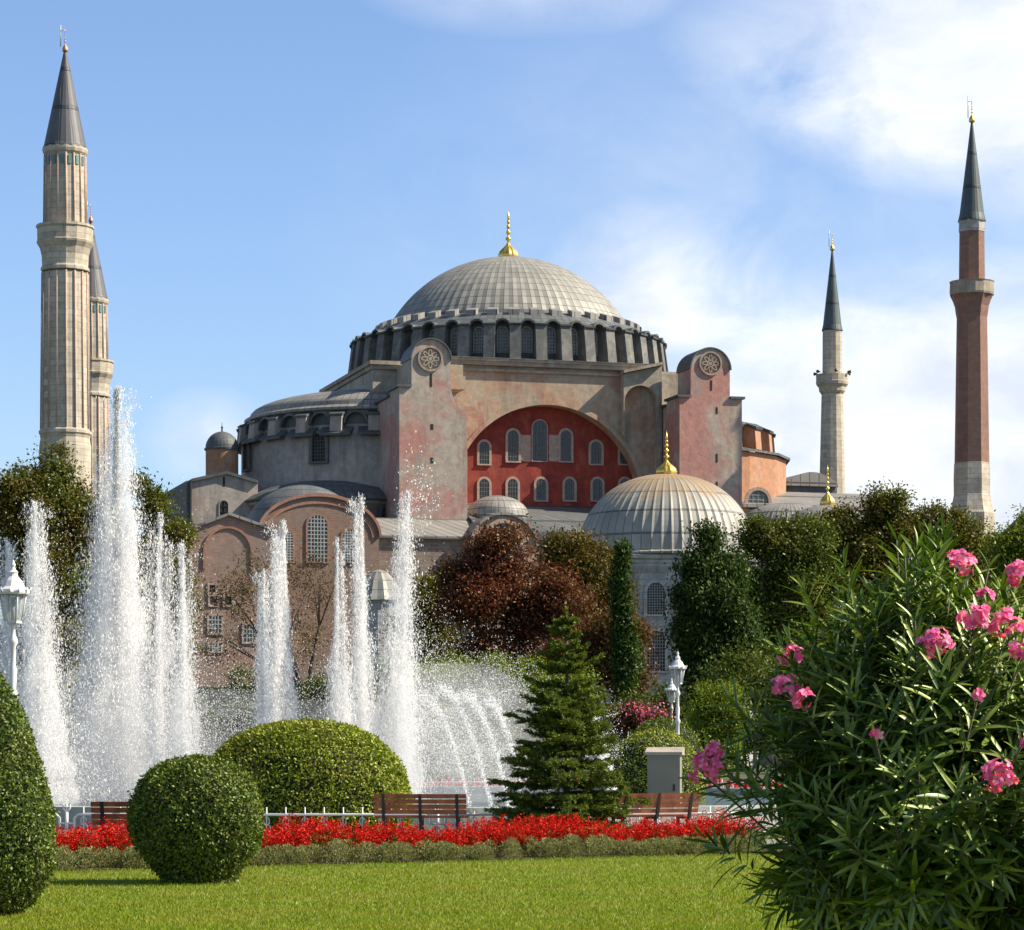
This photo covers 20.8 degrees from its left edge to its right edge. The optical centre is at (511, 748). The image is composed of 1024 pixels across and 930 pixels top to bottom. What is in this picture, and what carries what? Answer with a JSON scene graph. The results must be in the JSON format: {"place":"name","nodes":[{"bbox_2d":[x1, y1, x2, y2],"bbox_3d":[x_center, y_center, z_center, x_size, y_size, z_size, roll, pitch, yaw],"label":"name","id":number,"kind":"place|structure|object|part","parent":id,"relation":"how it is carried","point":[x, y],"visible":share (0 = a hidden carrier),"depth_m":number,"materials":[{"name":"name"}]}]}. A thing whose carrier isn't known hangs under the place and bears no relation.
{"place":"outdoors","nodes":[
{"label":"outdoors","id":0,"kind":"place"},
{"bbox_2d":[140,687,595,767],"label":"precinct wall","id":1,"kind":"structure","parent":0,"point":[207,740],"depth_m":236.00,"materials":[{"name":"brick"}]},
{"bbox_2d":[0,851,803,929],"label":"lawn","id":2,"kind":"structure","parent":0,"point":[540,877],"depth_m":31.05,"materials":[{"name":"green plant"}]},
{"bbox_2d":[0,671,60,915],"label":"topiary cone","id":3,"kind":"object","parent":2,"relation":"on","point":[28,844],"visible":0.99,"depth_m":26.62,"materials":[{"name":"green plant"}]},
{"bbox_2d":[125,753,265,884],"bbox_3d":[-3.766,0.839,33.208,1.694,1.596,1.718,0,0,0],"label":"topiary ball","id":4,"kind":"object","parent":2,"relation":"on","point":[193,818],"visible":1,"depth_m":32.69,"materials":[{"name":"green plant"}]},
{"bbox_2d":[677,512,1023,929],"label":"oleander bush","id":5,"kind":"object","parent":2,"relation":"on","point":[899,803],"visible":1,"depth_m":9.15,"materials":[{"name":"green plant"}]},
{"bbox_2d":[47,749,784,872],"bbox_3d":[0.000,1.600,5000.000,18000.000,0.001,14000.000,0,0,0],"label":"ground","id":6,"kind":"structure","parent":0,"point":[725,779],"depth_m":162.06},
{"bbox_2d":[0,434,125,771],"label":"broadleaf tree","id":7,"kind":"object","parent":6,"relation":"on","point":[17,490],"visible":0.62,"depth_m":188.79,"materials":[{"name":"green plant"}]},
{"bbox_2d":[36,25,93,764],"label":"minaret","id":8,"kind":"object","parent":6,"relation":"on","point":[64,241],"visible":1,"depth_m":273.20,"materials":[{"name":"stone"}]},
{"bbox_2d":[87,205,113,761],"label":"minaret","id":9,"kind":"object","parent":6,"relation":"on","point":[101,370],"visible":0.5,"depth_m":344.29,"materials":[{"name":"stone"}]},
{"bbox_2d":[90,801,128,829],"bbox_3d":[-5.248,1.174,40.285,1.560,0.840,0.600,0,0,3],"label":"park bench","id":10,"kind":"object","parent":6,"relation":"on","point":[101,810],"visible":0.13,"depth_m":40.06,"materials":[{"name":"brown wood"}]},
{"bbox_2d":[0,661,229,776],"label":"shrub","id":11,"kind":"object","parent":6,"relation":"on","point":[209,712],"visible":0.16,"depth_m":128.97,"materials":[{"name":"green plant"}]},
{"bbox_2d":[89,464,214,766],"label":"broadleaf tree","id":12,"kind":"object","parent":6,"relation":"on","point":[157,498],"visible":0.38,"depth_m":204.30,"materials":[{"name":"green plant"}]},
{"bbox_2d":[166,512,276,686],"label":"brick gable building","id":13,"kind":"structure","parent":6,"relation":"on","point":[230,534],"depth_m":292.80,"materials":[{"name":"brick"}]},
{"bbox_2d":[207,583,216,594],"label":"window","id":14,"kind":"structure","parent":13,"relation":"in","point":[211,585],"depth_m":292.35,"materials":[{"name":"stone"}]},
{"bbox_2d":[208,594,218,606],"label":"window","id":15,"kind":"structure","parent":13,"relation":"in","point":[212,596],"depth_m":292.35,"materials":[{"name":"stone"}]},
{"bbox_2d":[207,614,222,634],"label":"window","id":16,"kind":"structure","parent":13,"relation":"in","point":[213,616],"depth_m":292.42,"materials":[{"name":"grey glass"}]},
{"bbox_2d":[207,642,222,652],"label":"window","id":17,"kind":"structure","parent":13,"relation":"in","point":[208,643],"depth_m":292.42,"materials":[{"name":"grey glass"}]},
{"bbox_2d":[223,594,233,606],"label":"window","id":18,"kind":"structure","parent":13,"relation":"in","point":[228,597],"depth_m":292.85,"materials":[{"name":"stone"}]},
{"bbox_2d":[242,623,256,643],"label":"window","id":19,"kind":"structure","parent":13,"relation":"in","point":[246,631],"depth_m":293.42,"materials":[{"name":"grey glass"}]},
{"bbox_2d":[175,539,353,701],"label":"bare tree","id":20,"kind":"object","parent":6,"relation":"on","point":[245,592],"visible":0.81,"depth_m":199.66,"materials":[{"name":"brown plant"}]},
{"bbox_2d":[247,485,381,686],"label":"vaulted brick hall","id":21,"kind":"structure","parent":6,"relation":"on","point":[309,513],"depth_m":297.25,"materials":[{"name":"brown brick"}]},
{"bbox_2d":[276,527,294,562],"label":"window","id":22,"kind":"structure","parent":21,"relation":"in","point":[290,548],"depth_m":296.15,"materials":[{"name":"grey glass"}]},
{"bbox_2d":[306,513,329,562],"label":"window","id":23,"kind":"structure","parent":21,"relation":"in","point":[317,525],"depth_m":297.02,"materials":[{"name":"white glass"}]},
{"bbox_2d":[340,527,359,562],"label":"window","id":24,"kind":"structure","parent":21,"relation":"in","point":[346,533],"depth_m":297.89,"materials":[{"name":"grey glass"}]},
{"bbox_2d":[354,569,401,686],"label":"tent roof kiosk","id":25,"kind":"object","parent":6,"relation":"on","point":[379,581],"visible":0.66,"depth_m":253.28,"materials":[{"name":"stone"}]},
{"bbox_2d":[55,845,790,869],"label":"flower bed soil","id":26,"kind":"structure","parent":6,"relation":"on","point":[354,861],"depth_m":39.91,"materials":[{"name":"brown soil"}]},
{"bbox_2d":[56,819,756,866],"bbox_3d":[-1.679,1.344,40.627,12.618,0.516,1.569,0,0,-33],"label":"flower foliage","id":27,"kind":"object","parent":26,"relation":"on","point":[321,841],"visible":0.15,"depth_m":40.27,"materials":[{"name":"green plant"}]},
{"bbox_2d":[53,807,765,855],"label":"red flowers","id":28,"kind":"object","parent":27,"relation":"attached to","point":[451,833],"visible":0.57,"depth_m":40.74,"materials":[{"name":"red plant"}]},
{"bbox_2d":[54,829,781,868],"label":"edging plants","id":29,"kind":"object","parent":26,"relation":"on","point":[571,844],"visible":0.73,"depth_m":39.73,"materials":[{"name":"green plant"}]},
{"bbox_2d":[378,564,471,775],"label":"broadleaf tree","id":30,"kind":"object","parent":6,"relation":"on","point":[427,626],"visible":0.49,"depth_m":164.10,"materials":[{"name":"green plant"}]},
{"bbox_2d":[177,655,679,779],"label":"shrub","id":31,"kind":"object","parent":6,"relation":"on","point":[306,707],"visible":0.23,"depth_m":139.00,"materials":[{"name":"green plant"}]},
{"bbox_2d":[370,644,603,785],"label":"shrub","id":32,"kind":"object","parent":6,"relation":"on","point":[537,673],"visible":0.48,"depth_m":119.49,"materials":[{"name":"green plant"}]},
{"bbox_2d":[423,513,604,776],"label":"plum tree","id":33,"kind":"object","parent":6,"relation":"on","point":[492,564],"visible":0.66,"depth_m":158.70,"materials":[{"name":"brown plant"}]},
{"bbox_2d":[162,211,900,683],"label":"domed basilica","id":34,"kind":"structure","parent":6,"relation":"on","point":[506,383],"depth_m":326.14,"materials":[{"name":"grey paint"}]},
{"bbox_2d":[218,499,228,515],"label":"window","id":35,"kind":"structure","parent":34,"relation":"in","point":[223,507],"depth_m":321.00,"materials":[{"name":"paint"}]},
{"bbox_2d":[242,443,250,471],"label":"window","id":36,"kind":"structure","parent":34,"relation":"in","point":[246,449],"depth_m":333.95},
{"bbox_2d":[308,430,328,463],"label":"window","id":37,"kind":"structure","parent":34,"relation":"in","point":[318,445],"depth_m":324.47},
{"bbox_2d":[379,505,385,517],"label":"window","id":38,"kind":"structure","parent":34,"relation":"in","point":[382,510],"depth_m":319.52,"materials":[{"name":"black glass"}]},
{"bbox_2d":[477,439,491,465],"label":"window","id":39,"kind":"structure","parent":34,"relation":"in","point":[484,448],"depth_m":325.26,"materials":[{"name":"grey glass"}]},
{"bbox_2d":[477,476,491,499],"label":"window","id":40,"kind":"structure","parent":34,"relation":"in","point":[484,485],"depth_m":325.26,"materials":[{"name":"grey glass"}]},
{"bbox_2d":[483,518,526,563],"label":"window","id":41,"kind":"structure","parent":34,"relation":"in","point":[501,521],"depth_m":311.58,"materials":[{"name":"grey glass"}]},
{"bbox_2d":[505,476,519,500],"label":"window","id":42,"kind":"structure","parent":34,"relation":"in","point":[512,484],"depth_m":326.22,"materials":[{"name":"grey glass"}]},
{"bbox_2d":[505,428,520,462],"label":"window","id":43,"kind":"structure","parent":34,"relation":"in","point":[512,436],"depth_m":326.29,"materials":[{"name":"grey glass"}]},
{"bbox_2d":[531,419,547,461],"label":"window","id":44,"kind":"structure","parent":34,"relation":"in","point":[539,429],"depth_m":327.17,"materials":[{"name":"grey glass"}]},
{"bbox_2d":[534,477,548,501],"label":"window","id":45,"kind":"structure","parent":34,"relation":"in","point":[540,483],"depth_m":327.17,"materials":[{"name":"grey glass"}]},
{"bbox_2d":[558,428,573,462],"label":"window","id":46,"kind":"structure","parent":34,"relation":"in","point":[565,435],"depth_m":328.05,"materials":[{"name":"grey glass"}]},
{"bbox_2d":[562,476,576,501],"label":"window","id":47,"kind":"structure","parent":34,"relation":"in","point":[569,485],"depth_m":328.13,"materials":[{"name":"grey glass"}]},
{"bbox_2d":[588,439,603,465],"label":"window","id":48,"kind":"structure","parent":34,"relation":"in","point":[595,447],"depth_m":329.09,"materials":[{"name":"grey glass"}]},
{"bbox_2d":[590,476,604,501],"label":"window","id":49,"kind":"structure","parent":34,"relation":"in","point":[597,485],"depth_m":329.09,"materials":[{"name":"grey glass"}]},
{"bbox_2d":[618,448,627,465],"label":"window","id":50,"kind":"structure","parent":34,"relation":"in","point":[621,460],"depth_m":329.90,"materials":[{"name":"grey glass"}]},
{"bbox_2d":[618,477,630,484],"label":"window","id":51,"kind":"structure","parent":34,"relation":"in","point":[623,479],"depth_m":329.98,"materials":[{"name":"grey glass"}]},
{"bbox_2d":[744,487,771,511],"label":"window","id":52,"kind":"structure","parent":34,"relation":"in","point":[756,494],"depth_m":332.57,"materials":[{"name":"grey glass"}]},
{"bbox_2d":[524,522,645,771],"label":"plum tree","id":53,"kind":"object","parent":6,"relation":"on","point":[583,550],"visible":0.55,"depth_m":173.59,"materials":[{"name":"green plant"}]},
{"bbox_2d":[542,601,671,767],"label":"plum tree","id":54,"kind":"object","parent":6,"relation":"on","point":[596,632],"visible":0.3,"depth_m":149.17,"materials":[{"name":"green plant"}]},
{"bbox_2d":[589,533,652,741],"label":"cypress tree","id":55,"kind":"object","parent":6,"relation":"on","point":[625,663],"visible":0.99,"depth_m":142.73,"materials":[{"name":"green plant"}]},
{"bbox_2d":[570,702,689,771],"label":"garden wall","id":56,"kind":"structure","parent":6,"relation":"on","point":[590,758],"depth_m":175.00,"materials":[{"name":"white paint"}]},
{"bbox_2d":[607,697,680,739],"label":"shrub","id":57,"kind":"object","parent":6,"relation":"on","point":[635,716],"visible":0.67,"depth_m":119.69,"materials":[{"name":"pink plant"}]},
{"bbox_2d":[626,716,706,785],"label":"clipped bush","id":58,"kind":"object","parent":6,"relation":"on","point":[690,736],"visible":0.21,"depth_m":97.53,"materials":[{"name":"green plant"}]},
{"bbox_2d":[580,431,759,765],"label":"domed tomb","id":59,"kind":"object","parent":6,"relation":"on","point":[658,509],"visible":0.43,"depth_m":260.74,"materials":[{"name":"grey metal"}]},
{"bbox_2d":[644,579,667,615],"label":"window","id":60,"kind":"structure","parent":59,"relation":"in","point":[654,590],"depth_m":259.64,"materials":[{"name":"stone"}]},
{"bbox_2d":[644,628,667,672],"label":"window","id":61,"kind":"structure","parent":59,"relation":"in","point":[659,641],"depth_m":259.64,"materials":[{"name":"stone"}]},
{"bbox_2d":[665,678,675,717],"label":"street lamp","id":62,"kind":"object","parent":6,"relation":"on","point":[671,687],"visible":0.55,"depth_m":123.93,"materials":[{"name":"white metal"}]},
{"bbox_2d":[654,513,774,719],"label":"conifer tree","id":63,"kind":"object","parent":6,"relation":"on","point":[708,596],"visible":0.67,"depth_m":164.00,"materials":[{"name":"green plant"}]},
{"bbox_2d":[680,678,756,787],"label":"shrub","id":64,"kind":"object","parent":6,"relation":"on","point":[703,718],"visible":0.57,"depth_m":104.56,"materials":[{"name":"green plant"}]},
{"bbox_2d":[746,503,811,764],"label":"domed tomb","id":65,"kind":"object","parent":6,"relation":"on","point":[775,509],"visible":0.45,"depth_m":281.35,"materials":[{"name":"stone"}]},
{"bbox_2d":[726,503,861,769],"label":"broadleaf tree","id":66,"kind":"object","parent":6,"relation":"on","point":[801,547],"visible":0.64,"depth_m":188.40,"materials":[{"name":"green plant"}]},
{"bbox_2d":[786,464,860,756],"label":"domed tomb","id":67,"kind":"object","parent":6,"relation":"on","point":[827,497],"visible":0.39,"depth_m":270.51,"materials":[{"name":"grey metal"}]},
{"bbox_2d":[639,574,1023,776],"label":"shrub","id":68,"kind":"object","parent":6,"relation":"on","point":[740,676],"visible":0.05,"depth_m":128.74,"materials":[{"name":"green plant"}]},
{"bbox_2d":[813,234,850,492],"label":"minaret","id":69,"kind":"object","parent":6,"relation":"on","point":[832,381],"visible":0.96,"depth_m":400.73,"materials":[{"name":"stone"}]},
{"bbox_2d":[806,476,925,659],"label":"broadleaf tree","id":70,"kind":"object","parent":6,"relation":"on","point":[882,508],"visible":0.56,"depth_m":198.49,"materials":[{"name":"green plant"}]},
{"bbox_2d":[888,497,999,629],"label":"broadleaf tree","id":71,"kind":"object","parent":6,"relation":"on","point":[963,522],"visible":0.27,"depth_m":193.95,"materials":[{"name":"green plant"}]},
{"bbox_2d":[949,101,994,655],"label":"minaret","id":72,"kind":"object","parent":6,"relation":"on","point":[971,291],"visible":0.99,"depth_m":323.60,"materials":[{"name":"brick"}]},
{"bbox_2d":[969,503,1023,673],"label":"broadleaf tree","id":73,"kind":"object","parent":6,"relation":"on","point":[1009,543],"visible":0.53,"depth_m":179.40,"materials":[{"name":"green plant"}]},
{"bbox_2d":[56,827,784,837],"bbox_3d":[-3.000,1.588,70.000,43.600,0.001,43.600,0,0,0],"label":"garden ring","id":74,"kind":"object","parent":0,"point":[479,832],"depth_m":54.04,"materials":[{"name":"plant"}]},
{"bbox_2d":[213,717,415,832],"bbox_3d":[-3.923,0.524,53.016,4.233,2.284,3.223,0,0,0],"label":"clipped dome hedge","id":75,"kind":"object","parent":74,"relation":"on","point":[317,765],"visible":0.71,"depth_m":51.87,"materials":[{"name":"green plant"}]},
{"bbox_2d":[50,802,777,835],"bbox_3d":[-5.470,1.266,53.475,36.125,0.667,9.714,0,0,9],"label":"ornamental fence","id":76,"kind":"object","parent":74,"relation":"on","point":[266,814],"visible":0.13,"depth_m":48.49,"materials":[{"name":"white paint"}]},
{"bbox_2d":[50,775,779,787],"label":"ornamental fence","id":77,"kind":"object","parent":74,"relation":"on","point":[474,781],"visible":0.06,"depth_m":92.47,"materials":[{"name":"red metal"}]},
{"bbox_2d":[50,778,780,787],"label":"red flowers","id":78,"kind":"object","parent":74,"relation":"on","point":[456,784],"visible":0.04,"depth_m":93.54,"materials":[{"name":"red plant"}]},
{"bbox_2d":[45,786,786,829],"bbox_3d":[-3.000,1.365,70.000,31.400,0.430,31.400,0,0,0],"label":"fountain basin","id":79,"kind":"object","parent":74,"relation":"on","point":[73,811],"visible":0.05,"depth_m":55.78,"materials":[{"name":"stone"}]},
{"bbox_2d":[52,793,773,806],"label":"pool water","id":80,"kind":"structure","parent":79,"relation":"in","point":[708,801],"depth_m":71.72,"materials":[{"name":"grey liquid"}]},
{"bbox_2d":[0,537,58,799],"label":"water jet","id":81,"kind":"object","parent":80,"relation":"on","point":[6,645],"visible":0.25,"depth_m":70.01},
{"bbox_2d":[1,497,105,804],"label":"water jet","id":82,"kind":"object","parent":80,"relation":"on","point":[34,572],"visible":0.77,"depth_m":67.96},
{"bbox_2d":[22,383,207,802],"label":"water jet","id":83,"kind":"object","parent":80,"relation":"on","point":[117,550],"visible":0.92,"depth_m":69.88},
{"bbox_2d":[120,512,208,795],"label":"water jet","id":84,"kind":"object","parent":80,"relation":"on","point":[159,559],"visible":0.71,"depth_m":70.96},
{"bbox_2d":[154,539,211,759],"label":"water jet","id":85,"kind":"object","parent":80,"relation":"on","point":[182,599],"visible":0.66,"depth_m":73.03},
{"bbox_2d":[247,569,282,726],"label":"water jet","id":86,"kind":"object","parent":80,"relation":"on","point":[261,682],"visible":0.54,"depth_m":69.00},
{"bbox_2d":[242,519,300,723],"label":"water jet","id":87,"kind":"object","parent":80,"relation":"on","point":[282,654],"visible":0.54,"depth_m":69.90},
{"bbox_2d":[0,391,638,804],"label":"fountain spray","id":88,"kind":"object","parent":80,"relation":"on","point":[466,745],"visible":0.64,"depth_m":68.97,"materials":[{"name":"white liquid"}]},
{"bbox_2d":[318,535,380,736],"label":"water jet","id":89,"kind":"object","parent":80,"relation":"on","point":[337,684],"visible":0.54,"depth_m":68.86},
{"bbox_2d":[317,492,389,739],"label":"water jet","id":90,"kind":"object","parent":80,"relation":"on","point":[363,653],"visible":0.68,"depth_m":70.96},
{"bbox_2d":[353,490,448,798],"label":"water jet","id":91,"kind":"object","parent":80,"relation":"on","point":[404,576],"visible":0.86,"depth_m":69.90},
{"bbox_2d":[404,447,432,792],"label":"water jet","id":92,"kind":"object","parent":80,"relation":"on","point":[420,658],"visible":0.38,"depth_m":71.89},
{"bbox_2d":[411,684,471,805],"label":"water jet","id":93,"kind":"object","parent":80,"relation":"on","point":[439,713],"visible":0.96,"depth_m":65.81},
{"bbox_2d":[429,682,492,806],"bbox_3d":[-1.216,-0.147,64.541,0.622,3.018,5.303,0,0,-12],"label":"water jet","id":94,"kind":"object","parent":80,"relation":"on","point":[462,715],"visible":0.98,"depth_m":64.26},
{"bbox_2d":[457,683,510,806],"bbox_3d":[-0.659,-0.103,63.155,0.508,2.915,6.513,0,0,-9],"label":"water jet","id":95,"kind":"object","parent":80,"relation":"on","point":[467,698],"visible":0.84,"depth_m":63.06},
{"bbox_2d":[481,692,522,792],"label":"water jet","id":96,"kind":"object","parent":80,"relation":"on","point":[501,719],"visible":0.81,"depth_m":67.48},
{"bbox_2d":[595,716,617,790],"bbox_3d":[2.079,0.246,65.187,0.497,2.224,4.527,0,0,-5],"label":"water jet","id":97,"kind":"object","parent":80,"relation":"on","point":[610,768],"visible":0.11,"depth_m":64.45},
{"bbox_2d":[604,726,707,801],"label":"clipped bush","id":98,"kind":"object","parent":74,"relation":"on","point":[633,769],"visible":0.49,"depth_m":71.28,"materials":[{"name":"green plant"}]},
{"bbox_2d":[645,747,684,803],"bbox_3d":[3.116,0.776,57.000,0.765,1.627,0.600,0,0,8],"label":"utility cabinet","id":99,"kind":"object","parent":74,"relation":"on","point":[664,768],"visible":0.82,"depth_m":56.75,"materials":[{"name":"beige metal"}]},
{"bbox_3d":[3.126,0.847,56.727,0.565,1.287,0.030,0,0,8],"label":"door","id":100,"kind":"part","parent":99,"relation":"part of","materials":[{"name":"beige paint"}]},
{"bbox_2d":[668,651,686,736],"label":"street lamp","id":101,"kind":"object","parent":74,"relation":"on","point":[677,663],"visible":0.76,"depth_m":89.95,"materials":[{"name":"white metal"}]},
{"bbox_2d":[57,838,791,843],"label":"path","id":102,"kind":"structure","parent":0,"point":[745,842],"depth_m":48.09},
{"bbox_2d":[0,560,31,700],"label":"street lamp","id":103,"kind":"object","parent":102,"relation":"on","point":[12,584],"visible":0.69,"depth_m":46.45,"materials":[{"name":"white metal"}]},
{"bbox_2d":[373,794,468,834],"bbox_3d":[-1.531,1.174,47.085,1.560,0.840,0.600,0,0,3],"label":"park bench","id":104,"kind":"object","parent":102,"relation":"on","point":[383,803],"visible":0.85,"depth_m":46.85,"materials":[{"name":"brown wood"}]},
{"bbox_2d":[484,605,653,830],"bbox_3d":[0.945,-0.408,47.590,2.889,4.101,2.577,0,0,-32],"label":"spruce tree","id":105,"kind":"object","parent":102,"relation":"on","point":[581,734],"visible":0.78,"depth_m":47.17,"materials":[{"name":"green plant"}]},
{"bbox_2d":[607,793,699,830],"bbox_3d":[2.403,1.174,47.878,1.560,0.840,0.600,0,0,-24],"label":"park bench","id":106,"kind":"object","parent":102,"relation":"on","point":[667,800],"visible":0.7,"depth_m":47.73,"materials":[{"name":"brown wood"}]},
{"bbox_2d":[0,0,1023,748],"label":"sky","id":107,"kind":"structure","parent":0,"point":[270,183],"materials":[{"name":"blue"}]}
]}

Task directions – From the entries above, copy every line where the word "outdoors" shows up.

Exercise result –
{"place":"outdoors","nodes":[
{"label":"outdoors","id":0,"kind":"place"},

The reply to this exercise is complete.